=== Items from a data source ===
=== Section Start ===

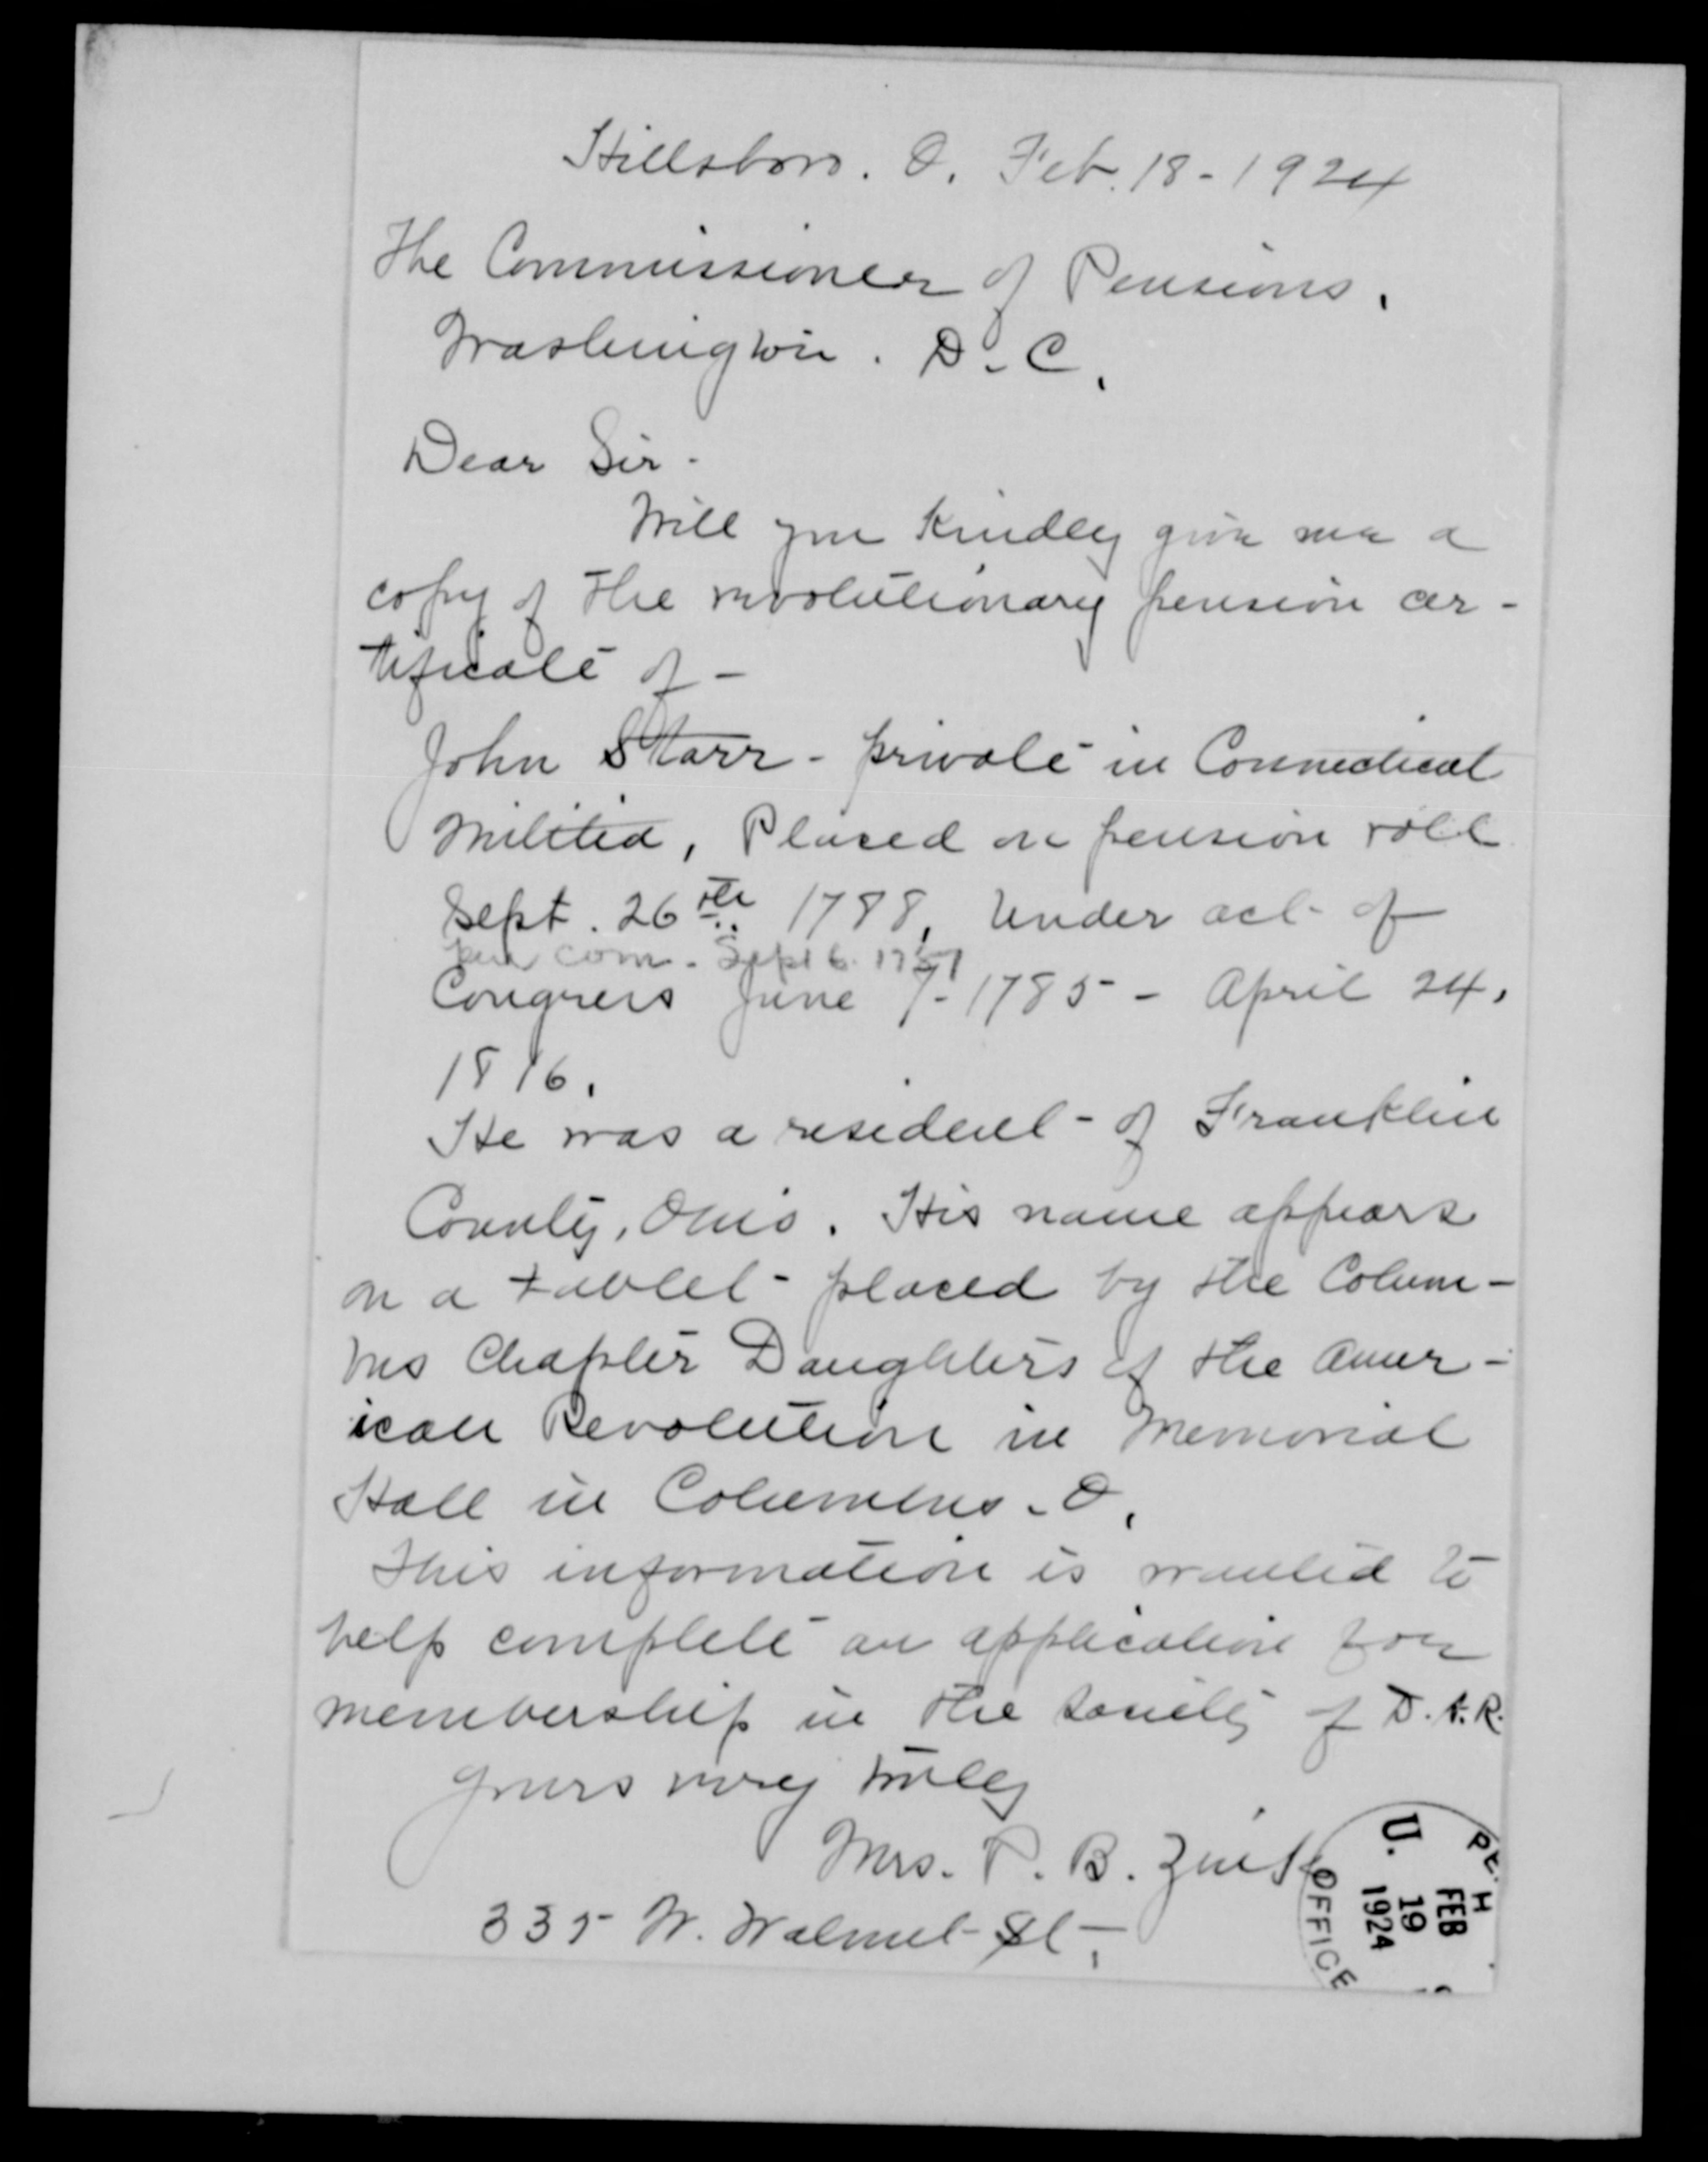Hillsboro. O.  Feb. 18 - 1924
The Commissioner of Pensions,
Washington D.C.
Dear Sir
Will you kindly give me a
copy of the revolutionary pension cer-
tificate of-
John Starr private in Connecticut
Militia, placed on pension roll
Sept. 26th 1788, under act of
and Com. Sept 6 1787
Congress June 7 1785 - April 24,
1816.
He was a resident of Franklin
County, Ohio. His name appears
on a tablet placed by the Colum-
bus Chapter Daughters of the American
Revolution in Memorial
Hall in Columbus O.
This information is wanted to
help complete an application for
membership in the society of D.A.R.
yours very truly
Mrs. P. B. Quest
335 W. Walmel St.

PENSION
H
FEB
U,  19  S.
1924
OFFICE

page: 4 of 7
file: for John Starr, Connecticut

=== Section End ===

=== What needs to be done ===
Go line by line through the data and copy any that contain "John".

=== Response area ===
John Starr private in Connecticut
file: for John Starr, Connecticut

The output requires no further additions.